- _EXTRACTED INFORMATION_
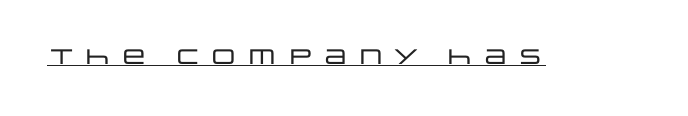
The image shows 21 px text type, upright; set unusually wide letter spacing (+0.22 em), underlined.
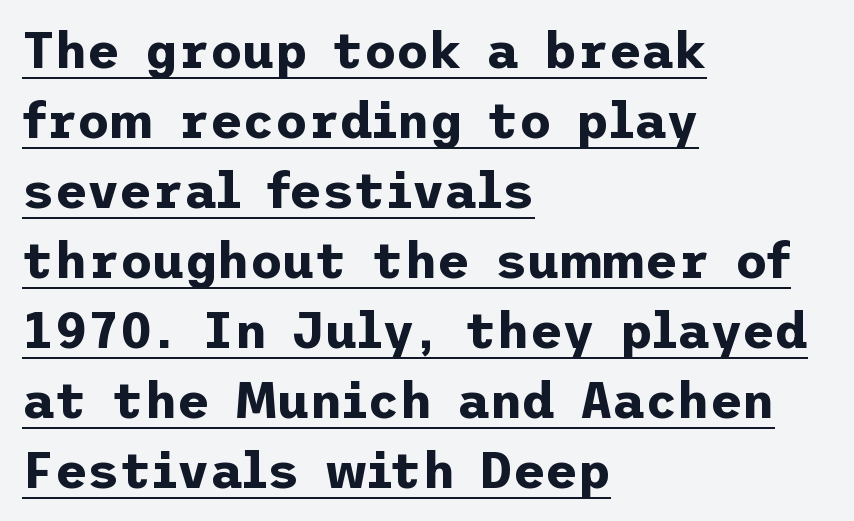
Q: Is the text bold? A: Yes.
Q: Is the text italic (slanted)? A: No, it is upright.
Q: Is the typeface a serif or a sans-serif typeface? A: Sans-serif.
Q: Is the text underlined? A: Yes.
Q: How is the paragraph aligned? A: Left-aligned.
Q: Is the spacing between letters normal or unusually wide? A: Normal.
Q: Is the spacing between lines tight, normal or loose? A: Normal.
Q: Width (condensed, normal, or wide)? A: Normal.
Q: Stroke contrast? A: Low.
Q: x-height? A: Medium.
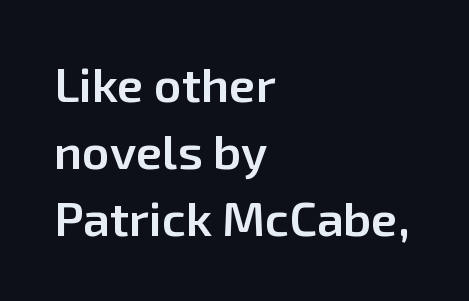
{"serif": "no", "italic": "no", "bold": "semi", "weight": "semibold", "width": "normal", "stroke_contrast": "low", "x_height": "medium", "monospaced": "no", "underline": "no", "align": "left", "line_spacing": "normal", "line_spacing_ratio": 1.4, "letter_spacing": "normal", "letter_spacing_em": 0.0, "glyph_px": 48}
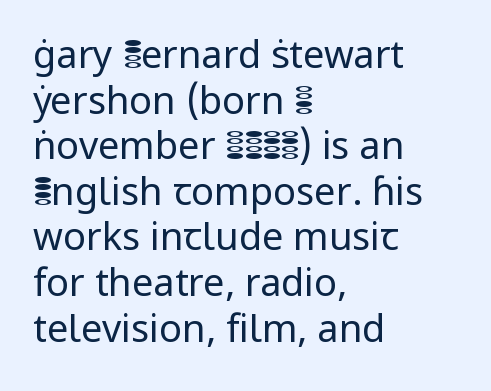
Alignment: flush left. The specimen omits any rule beneath the text block's lines. In terms of posture, this sample is upright. Nothing unusual about the tracking: characters are spaced as the font intends. Varying glyph widths throughout — classic text-font behaviour. Regarding serifs, this sample does without them.
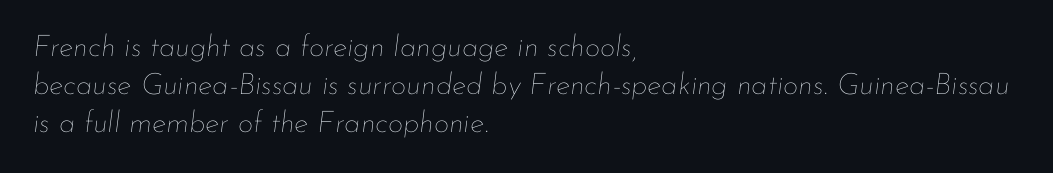
Q: Is the text bold? A: No.
Q: Is the text italic (slanted)? A: Yes, it leans right by about 7 degrees.
Q: Is the text underlined? A: No.
Q: How is the paragraph aligned? A: Left-aligned.
Q: Is the spacing between letters normal or unusually wide? A: Normal.
Q: Is the spacing between lines tight, normal or loose? A: Normal.
Q: Width (condensed, normal, or wide)? A: Normal.
Q: Stroke contrast? A: Low.
Q: x-height? A: Small.
Q: Monospaced? A: No.
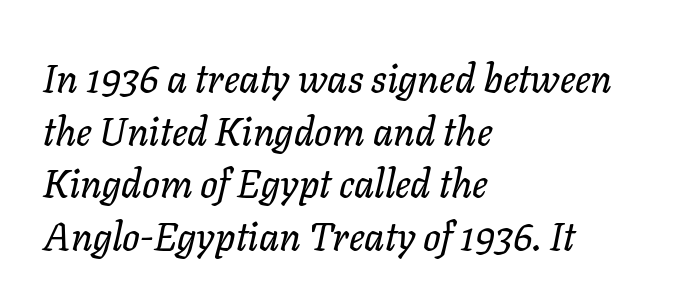
Q: Is the text italic (slanted)? A: Yes, it leans right by about 11 degrees.
Q: Is the text underlined? A: No.
Q: How is the paragraph aligned? A: Left-aligned.
Q: Is the spacing between letters normal or unusually wide? A: Normal.
Q: Is the spacing between lines tight, normal or loose? A: Normal.
Q: Width (condensed, normal, or wide)? A: Normal.
Q: Stroke contrast? A: Low.
Q: x-height? A: Medium.
Q: Monospaced? A: No.
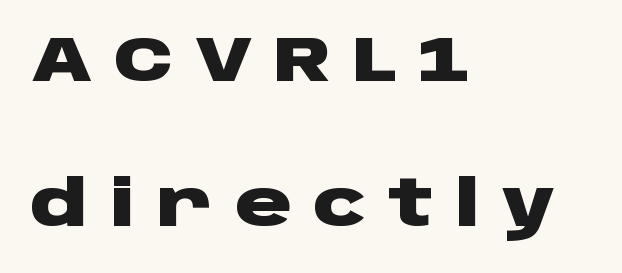
The image shows 64 px heavy, wide sans-serif type, upright; set left-aligned, loose line spacing (2.27x), unusually wide letter spacing (+0.33 em), not underlined; low stroke contrast and a large x-height.
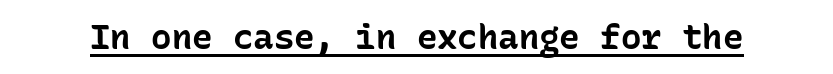
The image shows 34 px bold sans-serif type, upright, monospaced; set normal letter spacing, underlined; low stroke contrast and a medium x-height.
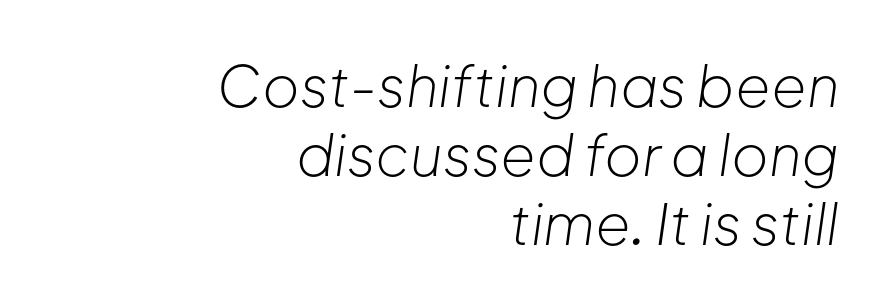
The rag falls on the left side of this text block. A clean baseline with only descenders dipping below it. The lettering tilts uniformly, giving the passage an italic look. Weight: not bold — regular or lighter. Tracking value appears to be zero — textbook default spacing.
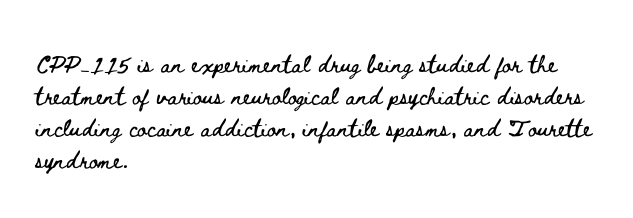
{"underline": "no", "align": "left", "line_spacing": "normal", "line_spacing_ratio": 1.45, "letter_spacing": "normal", "letter_spacing_em": 0.0, "glyph_px": 22}

- _TRY IT_
In copying the material, drop all pictures and keep everything else identical.

- _ANSWER TO THIS TASK_
The image shows 21 px text type, upright; set unusually wide letter spacing (+0.22 em), underlined.
Q: Is the text bold? A: Yes.
Q: Is the text italic (slanted)? A: No, it is upright.
Q: Is the typeface a serif or a sans-serif typeface? A: Sans-serif.
Q: Is the text underlined? A: Yes.
Q: How is the paragraph aligned? A: Left-aligned.
Q: Is the spacing between letters normal or unusually wide? A: Normal.
Q: Is the spacing between lines tight, normal or loose? A: Normal.
Q: Width (condensed, normal, or wide)? A: Normal.
Q: Stroke contrast? A: Low.
Q: x-height? A: Medium.
{"serif": "no", "italic": "no", "bold": "semi", "weight": "semibold", "width": "normal", "stroke_contrast": "low", "x_height": "medium", "monospaced": "no", "underline": "no", "align": "left", "line_spacing": "normal", "line_spacing_ratio": 1.4, "letter_spacing": "normal", "letter_spacing_em": 0.0, "glyph_px": 48}
Alignment: flush left. The specimen omits any rule beneath the text block's lines. In terms of posture, this sample is upright. Nothing unusual about the tracking: characters are spaced as the font intends. Varying glyph widths throughout — classic text-font behaviour. Regarding serifs, this sample does without them.
Q: Is the text bold? A: No.
Q: Is the text italic (slanted)? A: Yes, it leans right by about 7 degrees.
Q: Is the text underlined? A: No.
Q: How is the paragraph aligned? A: Left-aligned.
Q: Is the spacing between letters normal or unusually wide? A: Normal.
Q: Is the spacing between lines tight, normal or loose? A: Normal.
Q: Width (condensed, normal, or wide)? A: Normal.
Q: Stroke contrast? A: Low.
Q: x-height? A: Small.
Q: Monospaced? A: No.
Q: Is the text italic (slanted)? A: Yes, it leans right by about 11 degrees.
Q: Is the text underlined? A: No.
Q: How is the paragraph aligned? A: Left-aligned.
Q: Is the spacing between letters normal or unusually wide? A: Normal.
Q: Is the spacing between lines tight, normal or loose? A: Normal.
Q: Width (condensed, normal, or wide)? A: Normal.
Q: Stroke contrast? A: Low.
Q: x-height? A: Medium.
Q: Monospaced? A: No.
The image shows 64 px heavy, wide sans-serif type, upright; set left-aligned, loose line spacing (2.27x), unusually wide letter spacing (+0.33 em), not underlined; low stroke contrast and a large x-height.
The image shows 34 px bold sans-serif type, upright, monospaced; set normal letter spacing, underlined; low stroke contrast and a medium x-height.
The rag falls on the left side of this text block. A clean baseline with only descenders dipping below it. The lettering tilts uniformly, giving the passage an italic look. Weight: not bold — regular or lighter. Tracking value appears to be zero — textbook default spacing.
{"underline": "no", "align": "left", "line_spacing": "normal", "line_spacing_ratio": 1.45, "letter_spacing": "normal", "letter_spacing_em": 0.0, "glyph_px": 22}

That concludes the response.